— Action item —
Search the records for the string "Bounding" and return each line that has it.

— The data —
--- START ---
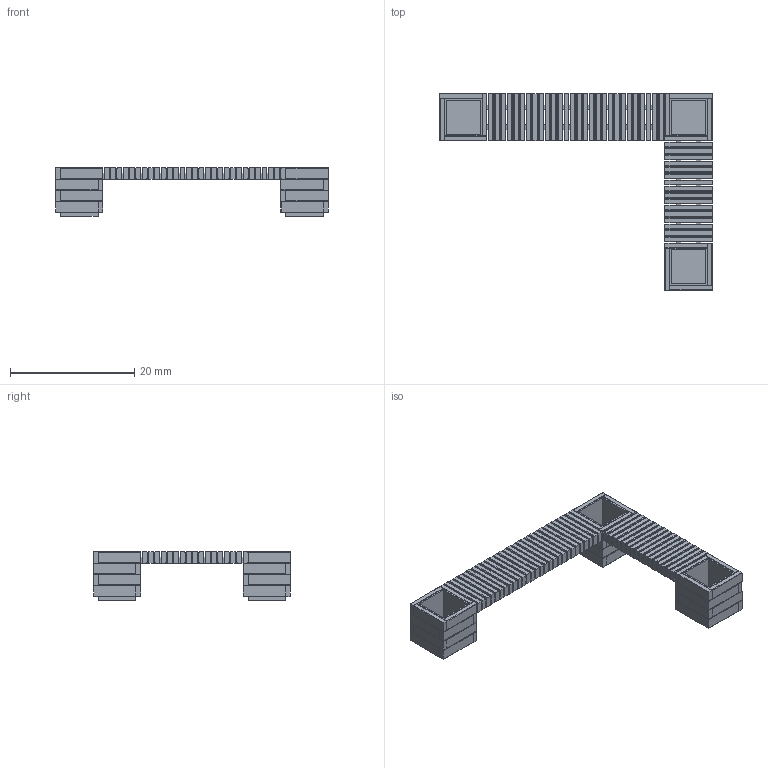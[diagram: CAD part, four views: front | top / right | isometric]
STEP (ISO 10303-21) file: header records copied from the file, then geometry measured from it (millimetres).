
FILE_DESCRIPTION(/* description */ (''),/* implementation_level */ '2;1');
FILE_NAME(/* name */ 'scale wood and metal bench with planters L',/* time_stamp */ '2025-05-21T13:52:50-04:00',/* author */ (''),/* organization */ (''),/* preprocessor_version */ 'ST-DEVELOPER v19.2',/* originating_system */ 'Rhino 8.18',/* authorisation */ '');
FILE_SCHEMA (('CONFIG_CONTROL_DESIGN'));
Length unit declared in the file: inch
Products named in the file (1): Document
Bounding box: 43.92 x 31.72 x 7.78 mm (x, y, z)
Volume: 1128.5 mm3; surface area: 4865.9 mm2
Topology: 51 solids, 51 shells, 1903 faces, 4916 edges, 3028 vertices
Faces by surface type: plane 1819, cylinder 84
Entity records: 50866 total; most frequent: CARTESIAN_POINT 15664, ORIENTED_EDGE 9832, EDGE_CURVE 4916, B_SPLINE_CURVE_WITH_KNOTS 4103, VERTEX_POINT 3028, DIRECTION 2702, AXIS2_PLACEMENT_3D 2020, EDGE_LOOP 1906
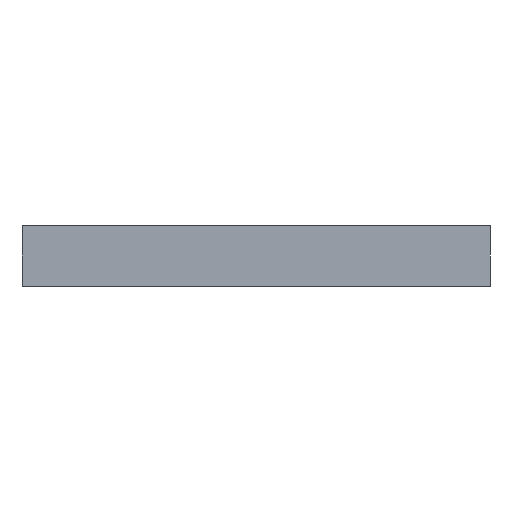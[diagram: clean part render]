
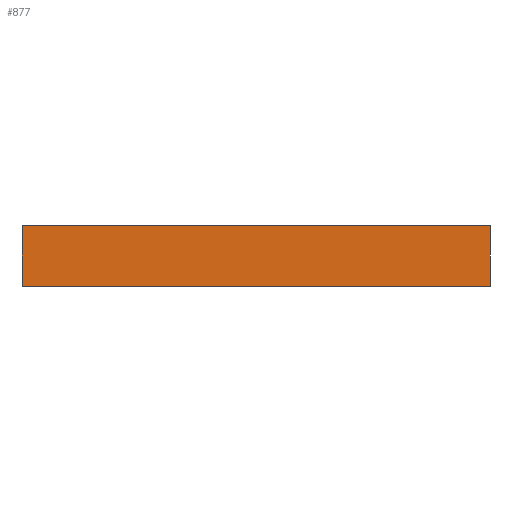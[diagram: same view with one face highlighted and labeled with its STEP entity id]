
A CAD part, left-side view. The second image highlights one B-rep face of the part: STEP entity #877.
In plain terms, the highlighted planar face has unit normal (-1, 0, 0).
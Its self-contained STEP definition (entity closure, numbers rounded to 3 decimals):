
#37=FACE_OUTER_BOUND('',#81,.T.);
#81=EDGE_LOOP('',(#619,#620,#621,#622));
#125=LINE('',#1213,#247);
#163=LINE('',#1296,#285);
#164=LINE('',#1298,#286);
#165=LINE('',#1299,#287);
#247=VECTOR('',#987,10.);
#285=VECTOR('',#1045,10.);
#286=VECTOR('',#1046,10.);
#287=VECTOR('',#1047,10.);
#369=VERTEX_POINT('',#1211);
#370=VERTEX_POINT('',#1212);
#405=VERTEX_POINT('',#1295);
#406=VERTEX_POINT('',#1297);
#453=EDGE_CURVE('',#369,#370,#125,.T.);
#491=EDGE_CURVE('',#405,#370,#163,.T.);
#492=EDGE_CURVE('',#405,#406,#164,.T.);
#493=EDGE_CURVE('',#369,#406,#165,.T.);
#619=ORIENTED_EDGE('',*,*,#453,.T.);
#620=ORIENTED_EDGE('',*,*,#491,.F.);
#621=ORIENTED_EDGE('',*,*,#492,.T.);
#622=ORIENTED_EDGE('',*,*,#493,.F.);
#835=PLANE('',#935);
#877=ADVANCED_FACE('',(#37),#835,.T.);
#935=AXIS2_PLACEMENT_3D('',#1294,#1043,#1044);
#987=DIRECTION('',(0.,0.,-1.));
#1043=DIRECTION('center_axis',(-1.,0.,0.));
#1044=DIRECTION('ref_axis',(0.,-1.,0.));
#1045=DIRECTION('',(0.,1.,0.));
#1046=DIRECTION('',(0.,0.,1.));
#1047=DIRECTION('',(0.,-1.,0.));
#1211=CARTESIAN_POINT('',(-267.5,29.,1.5));
#1212=CARTESIAN_POINT('',(-267.5,29.,-2.5));
#1213=CARTESIAN_POINT('',(-267.5,29.,0.));
#1294=CARTESIAN_POINT('Origin',(-267.5,30.,0.));
#1295=CARTESIAN_POINT('',(-267.5,-2.,-2.5));
#1296=CARTESIAN_POINT('',(-267.5,30.,-2.5));
#1297=CARTESIAN_POINT('',(-267.5,-2.,1.5));
#1298=CARTESIAN_POINT('',(-267.5,-2.,0.));
#1299=CARTESIAN_POINT('',(-267.5,22.,1.5));
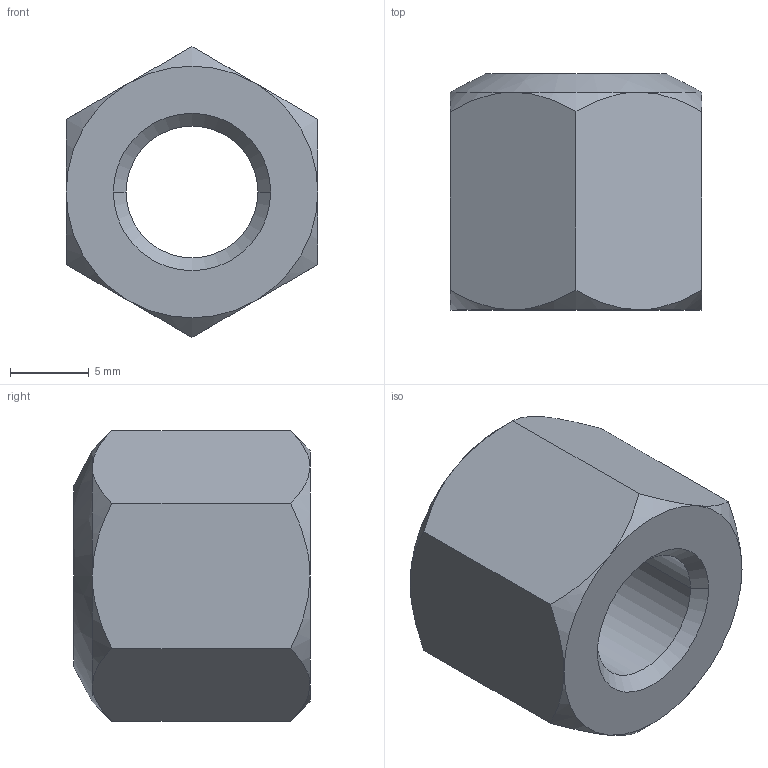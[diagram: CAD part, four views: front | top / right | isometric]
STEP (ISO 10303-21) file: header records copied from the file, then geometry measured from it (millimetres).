
FILE_DESCRIPTION( ( '' ), '1' );
FILE_NAME( 'Hexagon_nut_DIN_6330_M10_B_2_14a.stp', '2012-04-10T09:36:12', ( '' ), ( '' ), ' ', ' ', ' ' );
FILE_SCHEMA( ( 'automotive_design' ) );
Length unit declared in the file: millimetre
Products named in the file (1): 1
Bounding box: 16 x 15 x 18.48 mm (x, y, z)
Volume: 2385.3 mm3; surface area: 1454.1 mm2
Topology: 1 solids, 1 shells, 27 faces, 58 edges, 34 vertices
Faces by surface type: cone 16, plane 8, cylinder 2, sphere 1
Entity records: 1402 total; most frequent: CARTESIAN_POINT 168, STYLED_ITEM 120, PRESENTATION_STYLE_ASSIGNMENT 120, COLOUR_RGB 120, ORIENTED_EDGE 116, DIRECTION 112, EDGE_CURVE 58, CURVE_STYLE 58
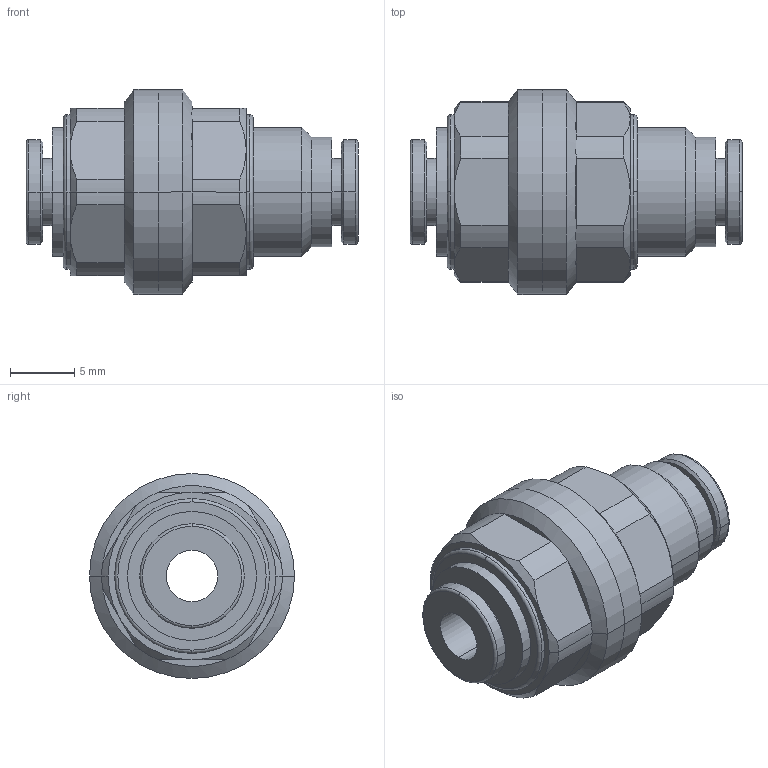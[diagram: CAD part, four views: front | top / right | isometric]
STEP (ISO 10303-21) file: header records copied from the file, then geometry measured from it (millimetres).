
FILE_DESCRIPTION(('STEP AP214'),'1');
FILE_NAME('6316_04_00WP2.stp','2016-07-07T14:17:19',('TraceParts'),('TraceParts S.A.'),'Spatial InterOp 3D',' ',' ');
FILE_SCHEMA(('automotive_design'));
Length unit declared in the file: millimetre
Products named in the file (2): 1; 2
Bounding box: 25.74 x 15.9 x 15.9 mm (x, y, z)
Volume: 2953.6 mm3; surface area: 2381.2 mm2
Topology: 2 solids, 2 shells, 116 faces, 256 edges, 152 vertices
Faces by surface type: cylinder 42, plane 36, cone 30, torus 8
Entity records: 3262 total; most frequent: CARTESIAN_POINT 622, DIRECTION 616, ORIENTED_EDGE 512, AXIS2_PLACEMENT_3D 266, EDGE_CURVE 256, VERTEX_POINT 152, CIRCLE 148, EDGE_LOOP 128
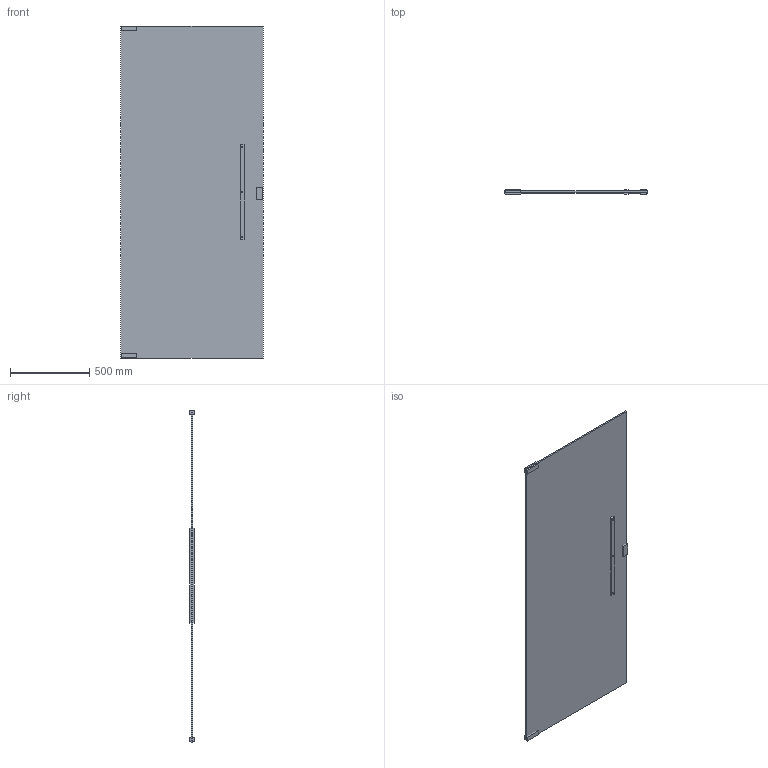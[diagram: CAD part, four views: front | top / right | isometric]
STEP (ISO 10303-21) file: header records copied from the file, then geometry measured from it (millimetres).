
FILE_DESCRIPTION(('FreeCAD Model'),'2;1');
FILE_NAME('Simple glass door with handles.step', '2016-10-04T10:34:58',('Author'),(''), 'Open CASCADE STEP processor 6.8','FreeCAD','Unknown');
FILE_SCHEMA(('AUTOMOTIVE_DESIGN_CC2 { 1 2 10303 214 -1 1 5 4 }'));
Length unit declared in the file: millimetre
Products named in the file (3): ASSEMBLY; Simple_glass_door_with_handles; Opening_indication
Assembly tree (2 placements, depth 2):
  ASSEMBLY
    Simple_glass_door_with_handles
    Opening_indication
Bounding box: 898 x 30 x 2099 mm (x, y, z)
Volume: 19432088.6 mm3; surface area: 3959242.7 mm2
Topology: 9 solids, 9 shells, 45 faces, 85 edges, 62 vertices
Faces by surface type: plane 42, cylinder 3
Full cylindrical faces by diameter (mm): 10 x3
Entity records: 2540 total; most frequent: CARTESIAN_POINT 393, DIRECTION 343, LINE 235, VECTOR 235, ORIENTED_EDGE 162, PCURVE 162, DEFINITIONAL_REPRESENTATION 162, EDGE_CURVE 81
--- END ---
— Expected output —
Bounding box: 43.92 x 31.72 x 7.78 mm (x, y, z)
Bounding box: 16 x 15 x 18.48 mm (x, y, z)
Bounding box: 25.74 x 15.9 x 15.9 mm (x, y, z)
Bounding box: 898 x 30 x 2099 mm (x, y, z)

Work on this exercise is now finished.